◆ Problem requirements: Of the material below, the lines to be retyped are those from the line containing "Q: Is the text bold? A: No." through the line containing "The image shows 68", inclusive; reproduce them exactly.

◆ The data:

◇ ◇ ◇ ◇ ◇ ◇ ◇

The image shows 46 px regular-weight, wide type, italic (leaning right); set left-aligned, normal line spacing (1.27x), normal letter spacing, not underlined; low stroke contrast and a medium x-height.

◇ ◇ ◇ ◇ ◇ ◇ ◇

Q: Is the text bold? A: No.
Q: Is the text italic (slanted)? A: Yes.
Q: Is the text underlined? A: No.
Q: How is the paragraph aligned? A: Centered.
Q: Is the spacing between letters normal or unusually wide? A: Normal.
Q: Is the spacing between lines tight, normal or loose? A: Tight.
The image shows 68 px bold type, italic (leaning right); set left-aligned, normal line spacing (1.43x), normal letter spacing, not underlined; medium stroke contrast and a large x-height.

◇ ◇ ◇ ◇ ◇ ◇ ◇

◆ Exercise answer:
Q: Is the text bold? A: No.
Q: Is the text italic (slanted)? A: Yes.
Q: Is the text underlined? A: No.
Q: How is the paragraph aligned? A: Centered.
Q: Is the spacing between letters normal or unusually wide? A: Normal.
Q: Is the spacing between lines tight, normal or loose? A: Tight.
The image shows 68 px bold type, italic (leaning right); set left-aligned, normal line spacing (1.43x), normal letter spacing, not underlined; medium stroke contrast and a large x-height.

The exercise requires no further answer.